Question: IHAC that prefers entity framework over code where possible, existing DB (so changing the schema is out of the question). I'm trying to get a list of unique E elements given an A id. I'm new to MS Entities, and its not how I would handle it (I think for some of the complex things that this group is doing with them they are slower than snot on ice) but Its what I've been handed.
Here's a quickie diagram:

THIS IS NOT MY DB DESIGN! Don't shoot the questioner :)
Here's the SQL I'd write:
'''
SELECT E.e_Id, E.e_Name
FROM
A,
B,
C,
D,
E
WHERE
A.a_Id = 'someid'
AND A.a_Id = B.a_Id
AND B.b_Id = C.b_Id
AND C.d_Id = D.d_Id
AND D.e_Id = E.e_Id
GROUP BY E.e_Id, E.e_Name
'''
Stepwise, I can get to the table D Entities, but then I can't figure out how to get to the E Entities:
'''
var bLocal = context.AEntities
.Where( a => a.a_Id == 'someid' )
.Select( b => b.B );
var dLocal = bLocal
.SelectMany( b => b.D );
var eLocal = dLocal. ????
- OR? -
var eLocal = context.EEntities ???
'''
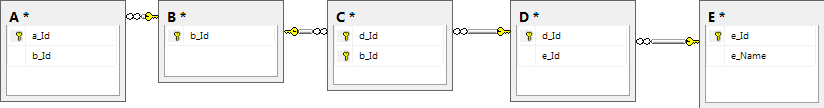
Answer: Translating your sql into linq is pretty straight forward:
'''
var results = (from a in A
join b in B on a.a_Id equals b.a_Id
join c in C on b.b_Id equals c.b_Id
join d in D on c.d_Id equals d.d_Id
join e in E on d.e_Id = e.e_Id
where a.a_Id == 'someid'
group e by new { e.e_Id, e.e_Name }
select e)
'''
If you wanted to do a method chain it would look like this:
'''
var results = (A.Join(B, a => a.a_Id, b => b.a_Id, (a, b) => new {a, b})
.Join(C, @t => b.b_Id, c => c.b_Id, (@t, c) => new {@t, c})
.Join(D, @t => c.d_Id, d => d.d_Id, (@t, d) => new {@t, d})
.Join(E, @t => d.e_Id = e.e_Id, e => , (@t, e) => new {@t, e})
.Where(@t => a.a_Id == 1)
.GroupBy(@t => new {e.e_Id, e.e_Name}, @t => e)
select e)
'''
Personally.. I'd stick with the query syntax. Full disclosure, ReSharper did the method chain conversion so its possible that it could be prettier.
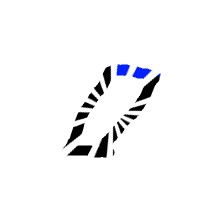
Shape: parallelogram
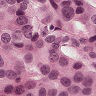
Metastatic tissue present: yes
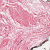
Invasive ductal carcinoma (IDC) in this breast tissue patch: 0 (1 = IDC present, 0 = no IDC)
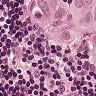
Metastatic tissue present: yes
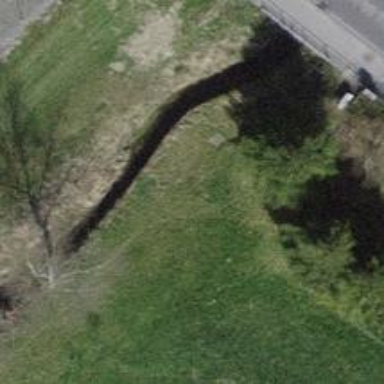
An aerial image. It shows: Drain waterway.
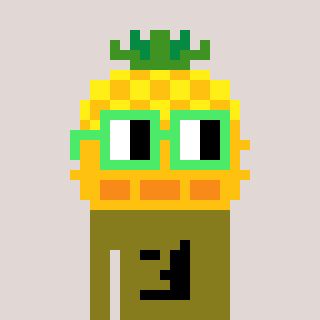
a pixel art character with square light green glasses, a pineapple-shaped head and a gunk-colored body on a warm background
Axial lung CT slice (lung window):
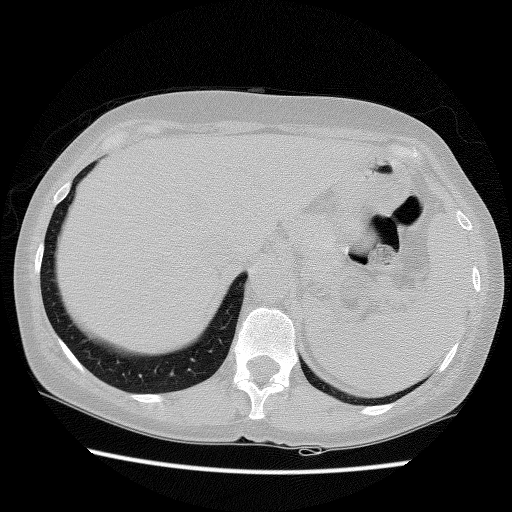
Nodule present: no
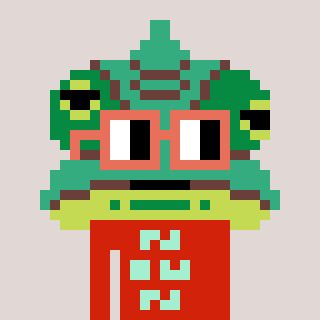
a pixel art character with square orange glasses, a chameleon-shaped head and a red-colored body on a warm background
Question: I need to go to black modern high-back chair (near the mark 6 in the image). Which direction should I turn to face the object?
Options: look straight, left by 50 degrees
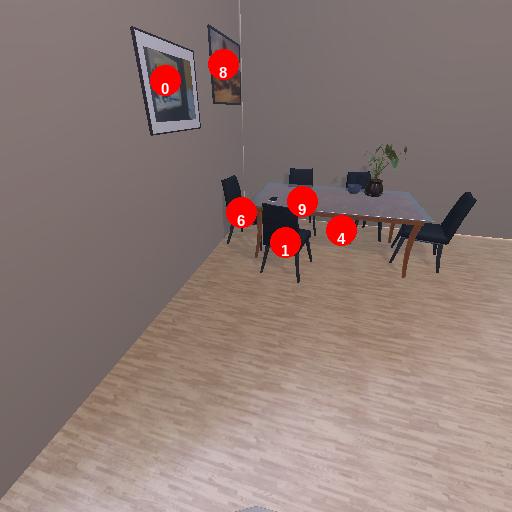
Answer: look straight
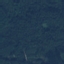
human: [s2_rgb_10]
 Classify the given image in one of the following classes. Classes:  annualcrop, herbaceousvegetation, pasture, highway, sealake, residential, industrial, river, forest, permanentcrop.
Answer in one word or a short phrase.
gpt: Forest
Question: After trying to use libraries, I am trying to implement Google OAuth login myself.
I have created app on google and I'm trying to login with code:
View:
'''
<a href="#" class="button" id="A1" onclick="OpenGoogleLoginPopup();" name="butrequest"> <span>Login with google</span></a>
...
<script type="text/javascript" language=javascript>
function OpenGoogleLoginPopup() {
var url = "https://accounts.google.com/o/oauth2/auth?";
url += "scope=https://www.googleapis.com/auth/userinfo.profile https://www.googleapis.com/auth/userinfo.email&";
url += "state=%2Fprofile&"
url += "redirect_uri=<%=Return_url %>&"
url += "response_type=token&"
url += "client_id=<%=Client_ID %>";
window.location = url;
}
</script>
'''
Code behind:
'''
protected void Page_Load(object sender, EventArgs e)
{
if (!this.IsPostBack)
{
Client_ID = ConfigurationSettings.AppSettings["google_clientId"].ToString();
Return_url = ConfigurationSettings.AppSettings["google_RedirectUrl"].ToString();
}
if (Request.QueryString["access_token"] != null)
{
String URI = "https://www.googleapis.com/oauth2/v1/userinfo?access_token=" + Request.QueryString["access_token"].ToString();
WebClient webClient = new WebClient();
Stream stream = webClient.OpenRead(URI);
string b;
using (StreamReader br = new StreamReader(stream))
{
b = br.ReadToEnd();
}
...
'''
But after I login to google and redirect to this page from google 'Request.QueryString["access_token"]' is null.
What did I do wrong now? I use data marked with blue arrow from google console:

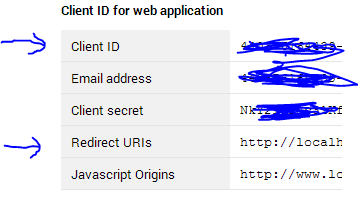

Brief - Working from the records above, set down word for word everything from the line containing "Invasive ductal carcinoma" down to the line containing "Axial lung CT", ends included, minus the pictures.

Result below -
Invasive ductal carcinoma (IDC) in this breast tissue patch: 0 (1 = IDC present, 0 = no IDC)
Metastatic tissue present: yes
An aerial image. It shows: Drain waterway.
a pixel art character with square light green glasses, a pineapple-shaped head and a gunk-colored body on a warm background
Axial lung CT slice (lung window):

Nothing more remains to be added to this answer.